Exercise 2 If a baseball team’s opponents OBP (OOBP) is 0.267 and opponents SLG (OSLG) is 0.392, how many runs do we expect the team to allow? Using the linear regression model discussed during the lecture (the one on the last slide of the previous video), find the number of runs we expect the team to allow.
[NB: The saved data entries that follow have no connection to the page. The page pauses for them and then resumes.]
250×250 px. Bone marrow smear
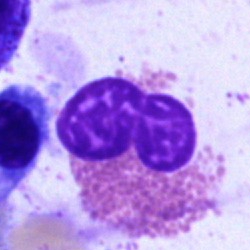The cell is eosinophilic granulocyte.
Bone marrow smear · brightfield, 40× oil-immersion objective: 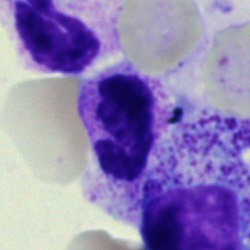Morphology consistent with a polymorphonuclear neutrophil.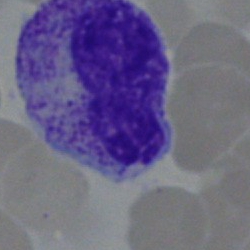

Cell type = metamyelocyte.

RunsAllowedReg=lm(RA ~ OOBP + OSLG, data=moneyball)
summary(RunsAllowedReg)
Call:
lm(formula = RA ~ OOBP + OSLG, data = moneyball)
Residuals:
Min 1Q Median 3Q Max
-82.397 -15.178 -0.129 17.679 60.955
Coefficients:
Estimate Std. Error t value Pr(>|t|)
(Intercept) -837.38 60.26 -13.897 < 2e-16 ***
OOBP 2913.60 291.97 9.979 4.46e-16 ***
OSLG 1514.29 175.43 8.632 2.55e-13 ***
---
Signif. codes: 0 ‘***’ 0.001 ‘**’ 0.01 ‘*’ 0.05 ‘.’ 0.1 ‘ ’ 1
Residual standard error: 25.67 on 87 degrees of freedom
(812 observations deleted due to missingness)
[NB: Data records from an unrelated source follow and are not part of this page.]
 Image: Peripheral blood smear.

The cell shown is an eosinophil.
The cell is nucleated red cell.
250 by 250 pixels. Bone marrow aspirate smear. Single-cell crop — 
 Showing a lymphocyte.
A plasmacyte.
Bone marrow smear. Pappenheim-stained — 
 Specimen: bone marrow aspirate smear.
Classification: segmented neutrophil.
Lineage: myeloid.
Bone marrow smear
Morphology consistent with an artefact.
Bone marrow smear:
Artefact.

Multiple R-squared: 0.9073, Adjusted R-squared: 0.9052
F-statistic: 425.8 on 2 and 87 DF, p-value: < 2.2e-16
RunsAllowed=-837.38+2913.60*(0.267)+1514.29*(0.392)
RunsAllowed
[1] 534.1529
We expect the team to allow around 534 runs.